(Extracted data entries)
--------------------------------

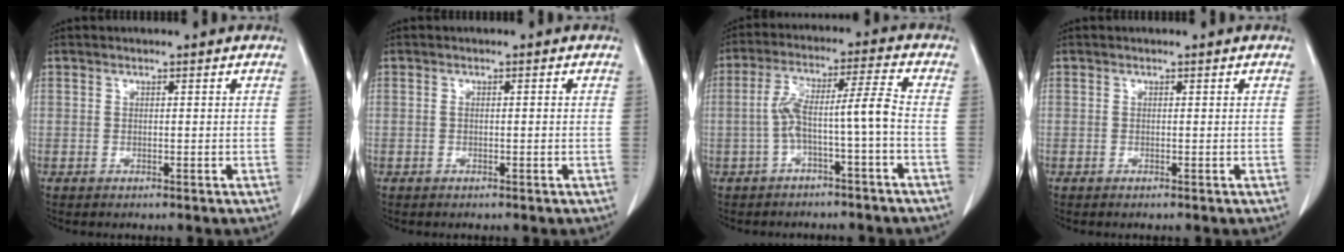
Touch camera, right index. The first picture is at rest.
{"total": 0.7, "force": [-0.1, 0.3, 0.7], "torque": [-0.014, 0.003, 0.000]}
{"total": 7.5, "force": [-2.2, -0.2, 7.2], "torque": [-0.136, 0.034, -0.034]}
{"total": 0.0}
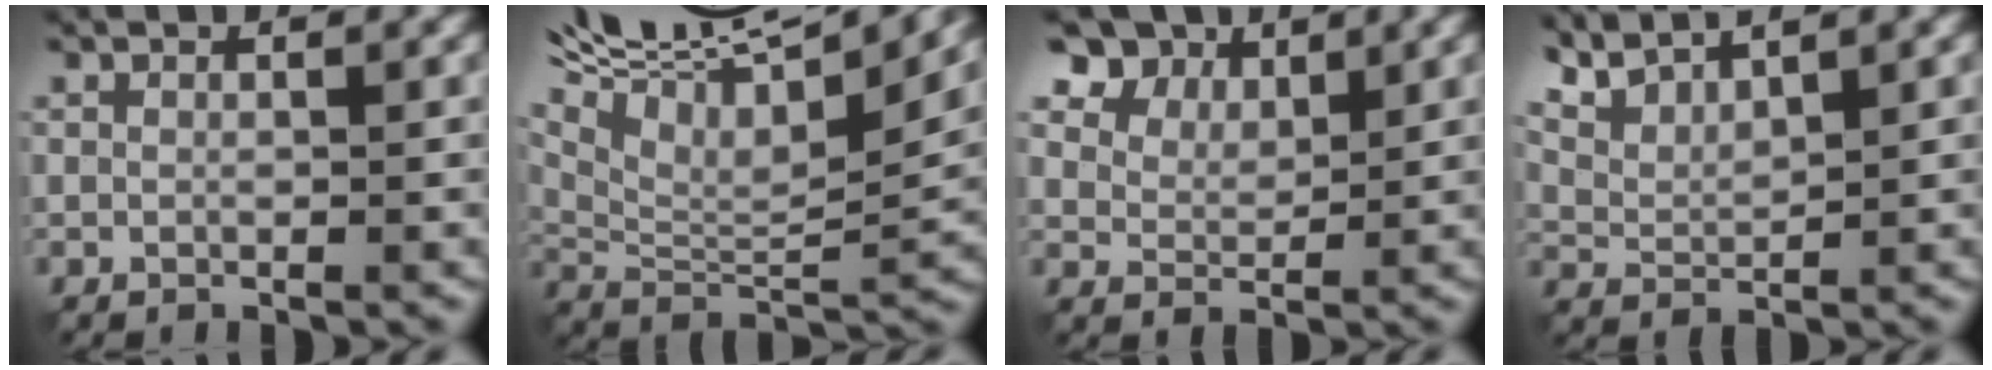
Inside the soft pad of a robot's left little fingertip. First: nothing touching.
{"total": 15.1, "force": [9.4, 5.5, 10.4], "torque": [-0.207, 0.050, 0.150]}
{"total": 7.6, "force": [5.2, 4.4, 3.2], "torque": [-0.088, 0.002, 0.100]}
{"total": 4.6, "force": [4.0, 1.1, 2.1], "torque": [-0.061, 0.008, 0.071]}
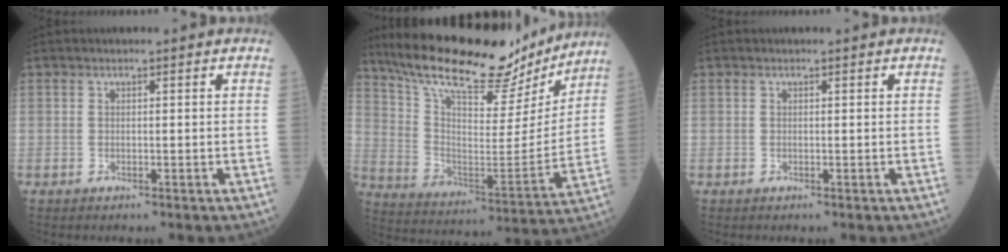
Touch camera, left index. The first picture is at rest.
{"total": 25.3, "force": [21.4, 6.2, 11.9], "torque": [-0.197, -0.004, 0.326]}
{"total": 0.0}
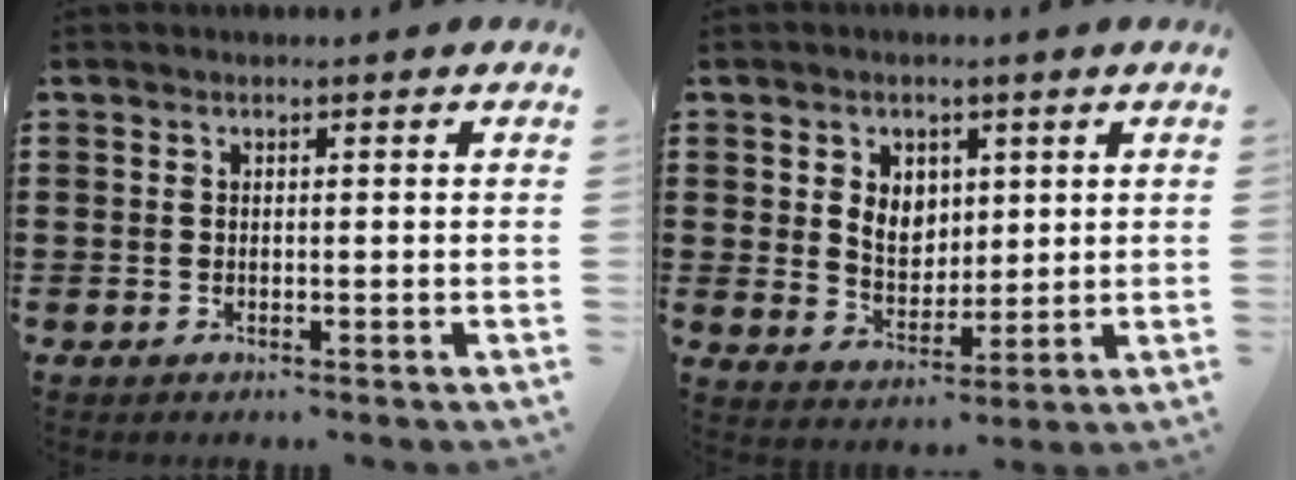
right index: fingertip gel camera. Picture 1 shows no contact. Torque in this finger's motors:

--------------------------------

* How to complete this task *
When you copy the entries above, reproduce each line exactly and leave out any pictures.

* Reply *
Touch camera, right index. The first picture is at rest.
{"total": 0.7, "force": [-0.1, 0.3, 0.7], "torque": [-0.014, 0.003, 0.000]}
{"total": 7.5, "force": [-2.2, -0.2, 7.2], "torque": [-0.136, 0.034, -0.034]}
{"total": 0.0}
Inside the soft pad of a robot's left little fingertip. First: nothing touching.
{"total": 15.1, "force": [9.4, 5.5, 10.4], "torque": [-0.207, 0.050, 0.150]}
{"total": 7.6, "force": [5.2, 4.4, 3.2], "torque": [-0.088, 0.002, 0.100]}
{"total": 4.6, "force": [4.0, 1.1, 2.1], "torque": [-0.061, 0.008, 0.071]}
Touch camera, left index. The first picture is at rest.
{"total": 25.3, "force": [21.4, 6.2, 11.9], "torque": [-0.197, -0.004, 0.326]}
{"total": 0.0}
right index: fingertip gel camera. Picture 1 shows no contact. Torque in this finger's motors:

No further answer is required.